Konstituierung des Presserat-Trägervereins

Am 26. März 2010 fand in Wien die konstituierende Mitgliederversammlung des Trägerverbandes "Verein zur Selbstkontrolle der österreichischen Presse - Österreichischer Presserat" statt. Trägerverbände sind der Verband Österreichischer Zeitungen (VÖZ), der Österreichische Gewerkschaftsbund, vertreten durch die Journalistengewerkschaft in der GPA-DJP, der Österreichische Zeitschriften- und Fachmedienverband (ÖZV), der Verein der Chefredakteure, der Presseclub Concordia (PCC) sowie der Verband der Regionalmedien Österreichs (VRM).

 

Franz C. Bauer, Präsident der Journalistengewerkschaft, wurde von der Mitgliederversammlung zum Präsidenten, Thomas Kralinger, Geschäftsführer Mediaprint/Kurier, wurde zum Vizepräsidenten gewählt.

 

Zum Geschäftsführer des Kontrollorgans der österreichischen Presse wurde vom Trägerverein der Jurist Mag. Alexander Warzilek bestellt. Die Geschäftsstelle des Presserates hat unter seiner Leitung ihre opterative Tätigkeit im November 2010 aufgenommen. 

 

Der neue Presserat steht: Sozialpartner erzielen Einigung

 

In einer Verhandlungsrunde am 10. Dezember 2009 haben der Verband Österreichischer Zeitungen (VÖZ), die Journalistengewerkschaft in der GPA-djp sowie Vertreter des Vereins der Chefredakteure die Gründung des Vereins Österreichischer Presserat beschlossen. Es wurde über die Statuten sowie über die Verfahrensordnung des neuen Presserates Übereinstimmung erzielt.

 

Der "Verein zur Selbstkontrolle der österreichischen Presse - Österreichischer Presserat" fungiert als Trägerorganisation für zwei Senate, in denen jeweils sechs Journalistinnen und Journalisten unter dem Vorsitz einer rechtskundigen Person über Beschwerden auf der Grundlage des Ehrenkodex der Österreichischen Presse entscheiden werden. Aus dem Kreis der journalistisch tätigen Senatsmitglieder wird jeweils eine Sprecherin bzw. ein Sprecher gewählt, der die Sprüche der Senate nach außen vertritt.

 

Grundsätzliche Übereinstimmung über neuen Presserat

 

Am 2. Juli 2008 haben der Verband Österreichischer Zeitungen (VÖZ) und die Journalistengewerkschaft ihre grundsätzliche Übereinstimmung über ein neues Modell der Selbstkontrolle bekannt gegeben.
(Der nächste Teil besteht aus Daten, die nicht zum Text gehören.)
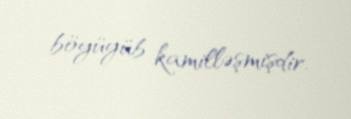
böyüyüb kamilləşmişdir.

Der neue "Österreichische Presserat" soll über eine breite Basis im Trägerverein sowie über eine hohe Akzeptanz der Printmedien - sowohl der Kauf- als auch der Gratiszeitungen - hinsichtlich der Spruchpraxis verfügen. Neben dem VÖZ, der Journalistengewerkschaft und dem Verein der Chefredakteure als Gründungsmitglieder sollen auch der Österreichische Zeitschriften- und Fachmedienverband, der Presseclub Concordia und der Verband der Regionalmedien Österreichs von Beginn an zur Mitgliedschaft im Trägerverein der Selbstkontrolle eingeladen werden.

 

Im Sommer 2008 sollen auf der Basis dieser grundsätzlichen Übereinstimmung über die neue Form der freiwilligen Selbstkontrolle in Österreich die Details des neuen Modells ausverhandelt werden, auch mit der Absicht, Feststellungen des Presserates rechtlich aufzuwerten. Ziel der gemeinsamen Bemühungen ist es, den neuen "Österreichischen Presserat" noch im heurigen Herbst zu implementieren. Der neu geschaffene Presserat soll auch mit der Umsetzung der EU-Richtlinie für die Selbstkontrolle im Bereich Finanzjournalismus betraut werden.

 

Vom "Presserat alt" zu neuen Instrumenten der Selbstregulierung

 

Nachdem ernsthafte Bemühungen um einen Konsens über die Reform des alten Österreichischen Presserates mit dem Ziel einer nachhaltigen Stärkung der freiwilligen Selbstkontrolle gescheitert sind, wurde die vom VÖZ am 27. Dezember 2001 erfolgte Aufkündigung der zwischen den vier Trägerverbänden getroffene Vereinbarung über die Einrichtung des korporatistisch geprägten Österreichischen Presserates mit 30. Juni 2002 rechtswirksam; unabhängig davon bekennt sich der VÖZ zum Ehrenkodex der Österreichischen Presse.

 

Zwischen 2002 und 2008 gab es mehrere Initiativen, eine neue Form der Selbstkontrolle und Selbstregulierung zu finden. In einer Studie "Selbstregulierung und Selbstorganisation in österreichischen Printmedien" (Medienhaus Wien, 2006) wird u. a. gefolgert:

  • "Instrumente zur Selbstregulierung in Nachfolge des Presserates sind neu zu beleben und in Form einer Medienselbstkontrolleinrichtung, die alle Formen und Inhalte medialer Darstellungsformen (Konvergenz) umfasst, zu erweitern."
  • "Erfolgreiche Selbstregulierung kann nicht ausschließlich auf einem korporatistischen Modell aufbauen, sie muss umfassender sein und soll alle Stakeholder umfassen (Struktur der self governance). Dementsprechend müssen ihre Aufgaben und Verfahrensabläufe der Öffentlichkeit zur Kenntnis gebracht und transparent gemacht werden."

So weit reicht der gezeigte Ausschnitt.